Note, however, that the following similar code sequence works correctly in the presence of backpatching:
pea addSrc ; Push source for add
pea addDst ; Push destination for add
bra @1 ; Branch to _FP68K trap
.
.
.
pea addSrc2 ; Push source for add
pea addDst2 ; Push destination for add
@1 move #$0000,-(sp) ; Push add extended opcode word
_FP68K ; Trap to SANE
|
The type of code sequence that is problematic for backpatching (as above)

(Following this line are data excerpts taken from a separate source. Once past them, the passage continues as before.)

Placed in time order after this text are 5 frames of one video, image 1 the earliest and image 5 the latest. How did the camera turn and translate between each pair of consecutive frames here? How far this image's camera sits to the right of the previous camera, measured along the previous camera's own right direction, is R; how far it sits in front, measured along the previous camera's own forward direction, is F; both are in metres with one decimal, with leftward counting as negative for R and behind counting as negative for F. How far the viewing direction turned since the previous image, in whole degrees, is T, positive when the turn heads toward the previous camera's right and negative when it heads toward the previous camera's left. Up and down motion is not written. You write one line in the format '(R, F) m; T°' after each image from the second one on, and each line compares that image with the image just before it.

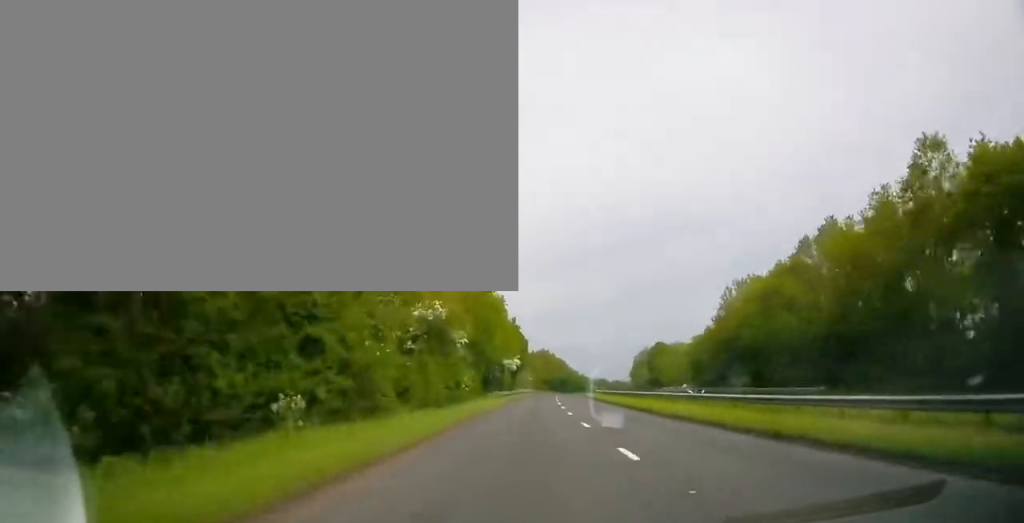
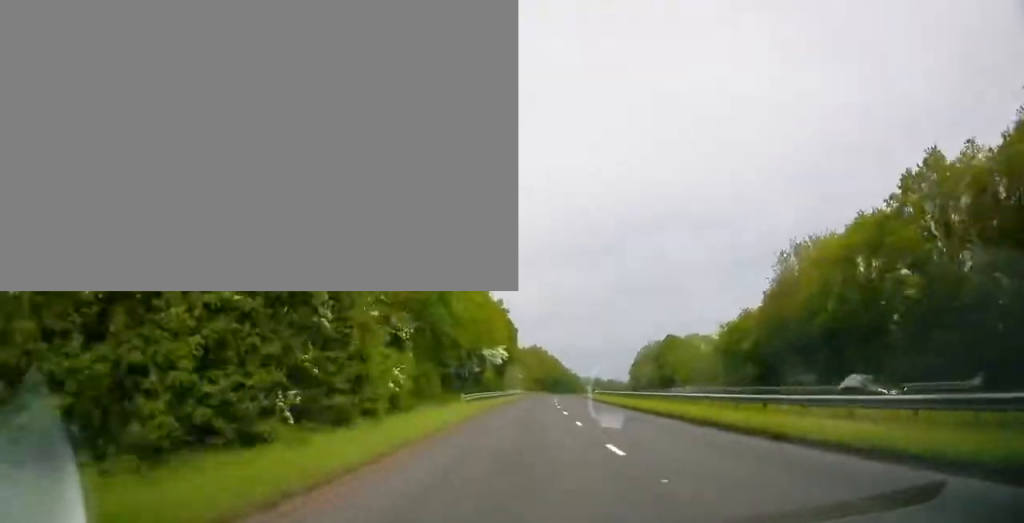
(+0.3, +16.7) m; +1°
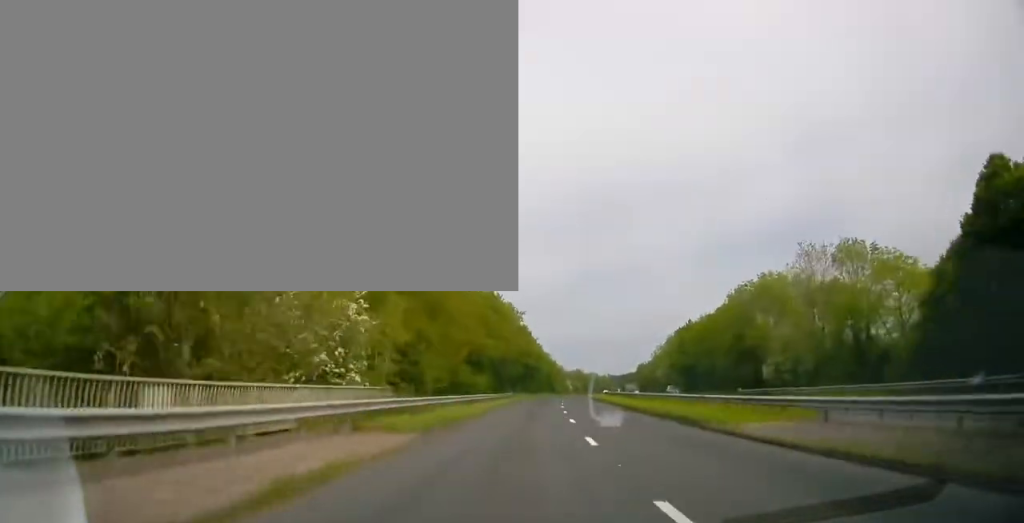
(+2.7, +85.6) m; +3°
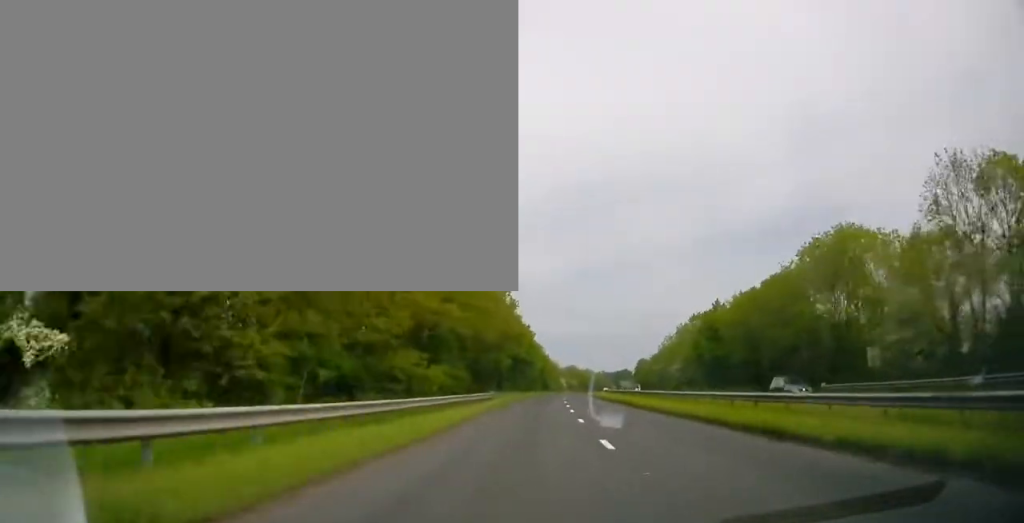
(+0.1, +19.0) m; +1°
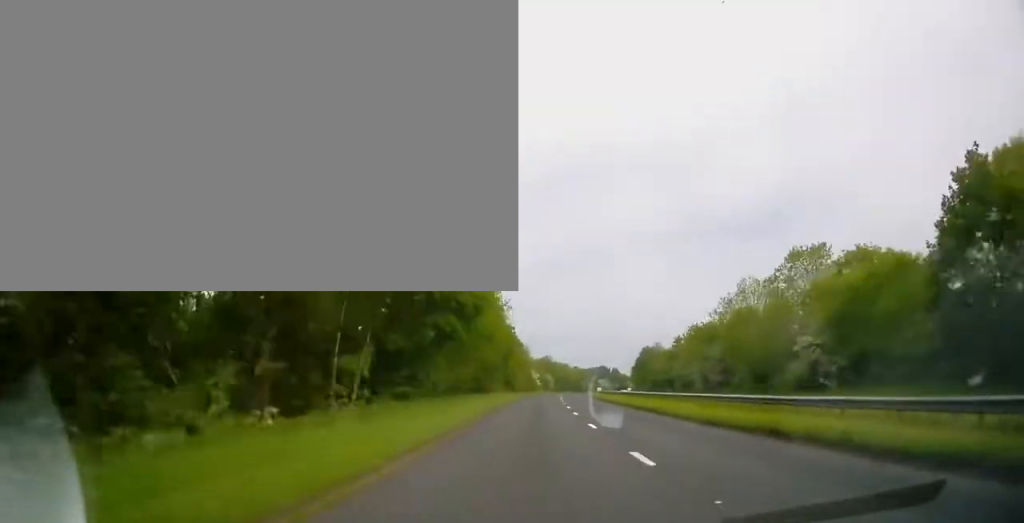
(+1.8, +54.9) m; +3°

cannot be emitted by the current MPW C and Pascal compilers or by current
Think(TM) compilers. It also cannot occur with code generated using the macros
contained in SANEMacs.a.
Note:
Although the current generation of MPW compilers create
[[Omega]]SANE-safe code, the earlier, MPW C 2.0.2 compiler may, under limited
circumstances, generate code that has problems with [[Omega]]SANE. This is
discussed in more detail below.
|
Additionally, if you have hand coded assembly or code which has been otherwise
optimized to use common _FP68K trap instructions you may be at risk from
backpatching. We recommend you adjust your code to conform to the prototypical
sequence above as there is no performance penalty involved.

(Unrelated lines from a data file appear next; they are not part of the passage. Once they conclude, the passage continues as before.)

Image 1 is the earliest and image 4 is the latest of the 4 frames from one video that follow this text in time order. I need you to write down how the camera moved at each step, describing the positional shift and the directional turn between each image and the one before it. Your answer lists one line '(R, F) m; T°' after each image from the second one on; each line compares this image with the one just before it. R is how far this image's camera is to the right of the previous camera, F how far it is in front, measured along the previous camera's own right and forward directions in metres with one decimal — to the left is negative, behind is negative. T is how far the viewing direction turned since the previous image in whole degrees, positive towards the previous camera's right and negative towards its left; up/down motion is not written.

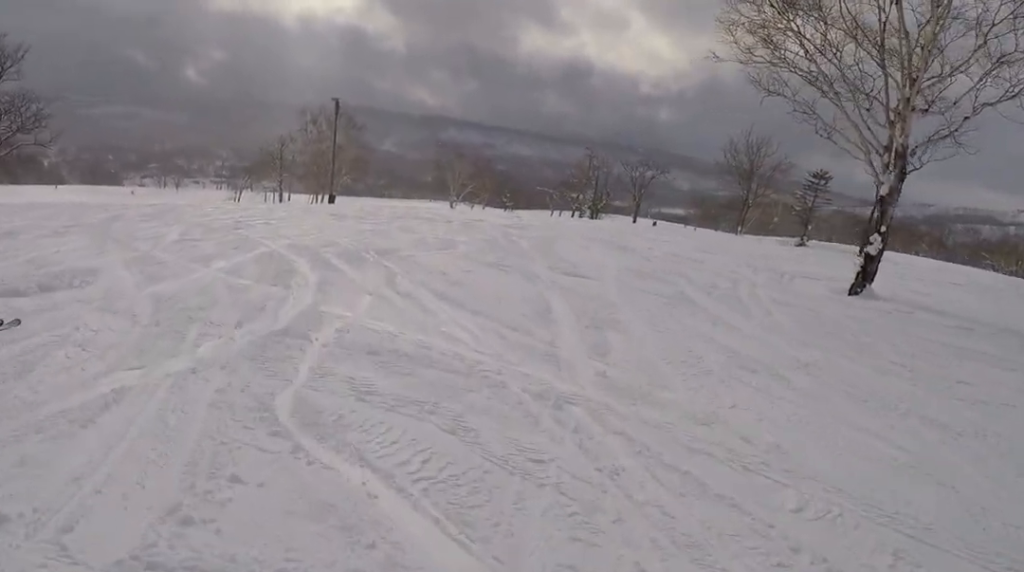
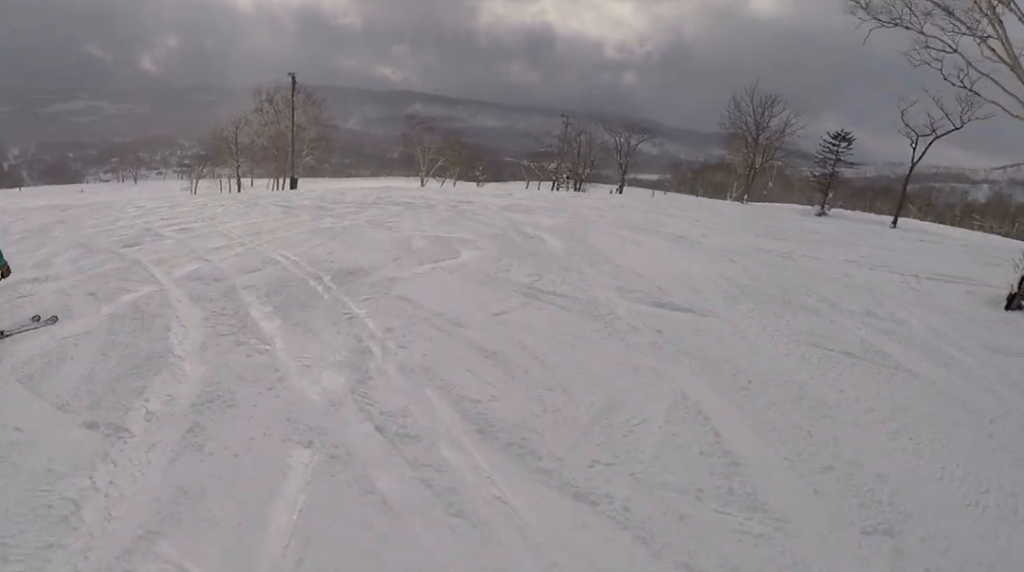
(+0.4, +6.1) m; 0°
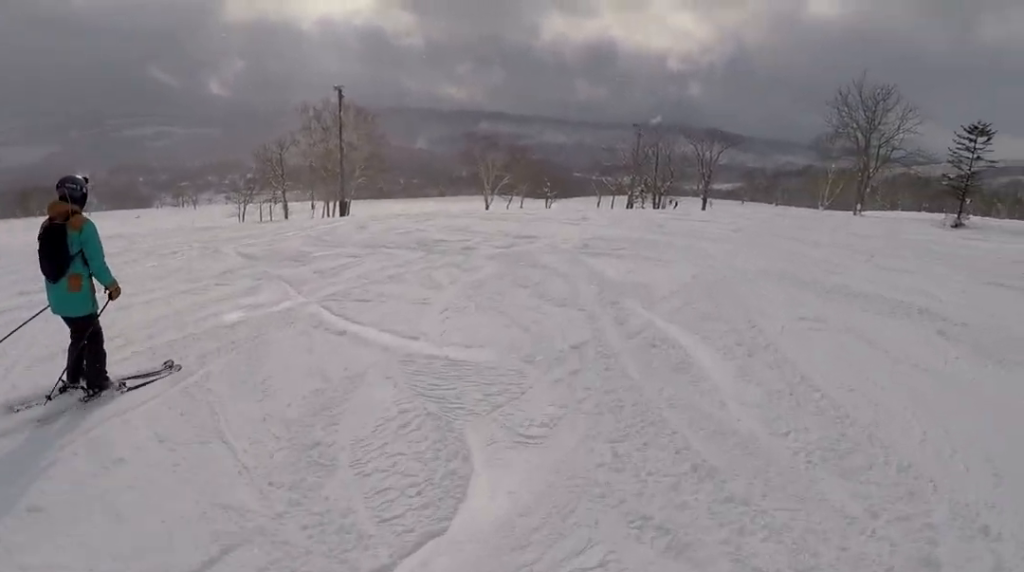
(+0.5, +8.3) m; +12°
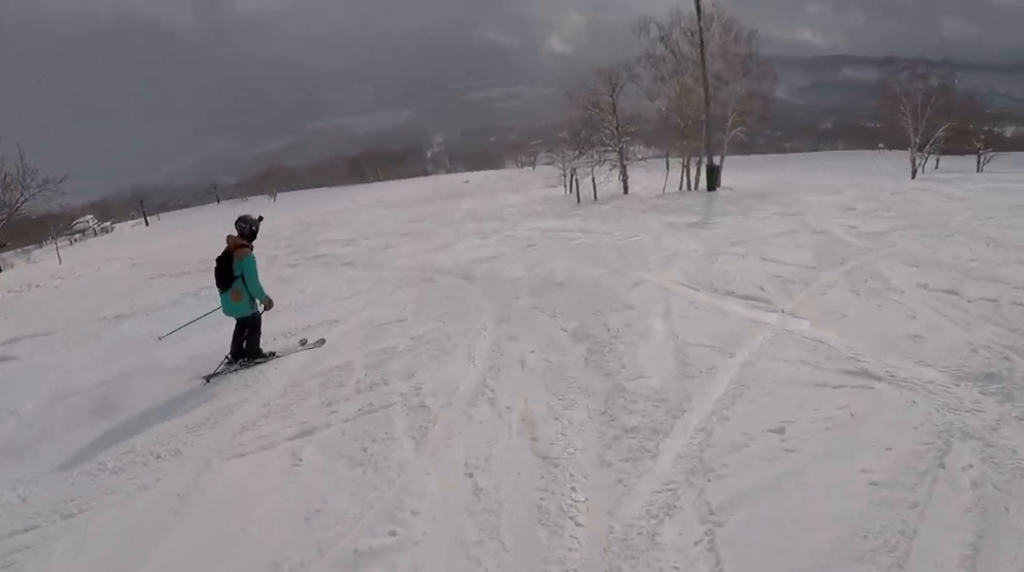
(-14.4, +25.6) m; -26°

Another common programming practice is illustrated in the following example:
move.w #$0000,D0 ; Move extended add opcode word to D0
bra @1 ; Branch to shared backend for SANE trap call
.
.
.
move.w #$0002,D0 ; Move extended subtract opcode word to D0
bra @1 ; Branch to shared backend for SANE trap call
.
.
.
@1 move.w D0,-(SP) ; Push SANE opcode word on stack
_FP68K ; Trap to SANE
|
This code operates correctly in the presence of [[Omega]]SANE, but is clearly
not backpatchable. If you have code that does this, you might consider
rewriting it to obtain the performance increase, but the code will work as is.
Back to top MPW C 2.0.2
The MPW C 2.0.2 compiler may, under limited circumstances, generate code that
works incorrectly under [[Omega]]SANE. Apple recommends that all developers use
the latest development tools, but as conversion of source may be difficult and
time consuming in some cases, below is a description and workaround for the
problem. Again, this only affects code compiled without the -mc68881 option.

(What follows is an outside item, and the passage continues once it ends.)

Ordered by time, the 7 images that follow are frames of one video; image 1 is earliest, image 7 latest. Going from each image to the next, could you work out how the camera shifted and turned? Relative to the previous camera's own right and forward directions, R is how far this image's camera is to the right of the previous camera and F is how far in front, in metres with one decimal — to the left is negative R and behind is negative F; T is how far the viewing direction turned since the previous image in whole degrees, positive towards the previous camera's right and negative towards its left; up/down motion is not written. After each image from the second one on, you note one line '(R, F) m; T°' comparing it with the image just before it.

The following code demonstrates the problem
struct foo {
double data;
float num;
};
foobar(f,b)
struct foo *f;
unsigned char b;
{
extended num;
num = 3.14159;
if (b)
f->data = num; /* FP operation ends block */
else
f->num = num; /* Another FP operation ends block */
return;
}
|
The critical combination of events occurs when more than one block in an
if-else or switch statements ends with a floating-point operation or
conversion. The compiler tries to optimize the final floating-point operation
by pushing a selector on the stack then branching to a common _FP68K
trap. This is a classic example of code, like that cited above, that works
incorrectly under [[Omega]]SANE.
The workaround is to eliminate the final floating-point operation. Here is one way to do this:
foobar(f,b)
struct *f;
unsigned char b;
{
extended num;
int idummy;
num = 3.14159;
if (b) {
f->data = num;
idummy = 1; /* End if block with a non-FP operation */
} else {
f->num = num;
idummy = 0; /* End else block with a non-FP operation */
}
return;
}
|
In this case, each floating-point operation gets its own _FP68K trap so there are no problems.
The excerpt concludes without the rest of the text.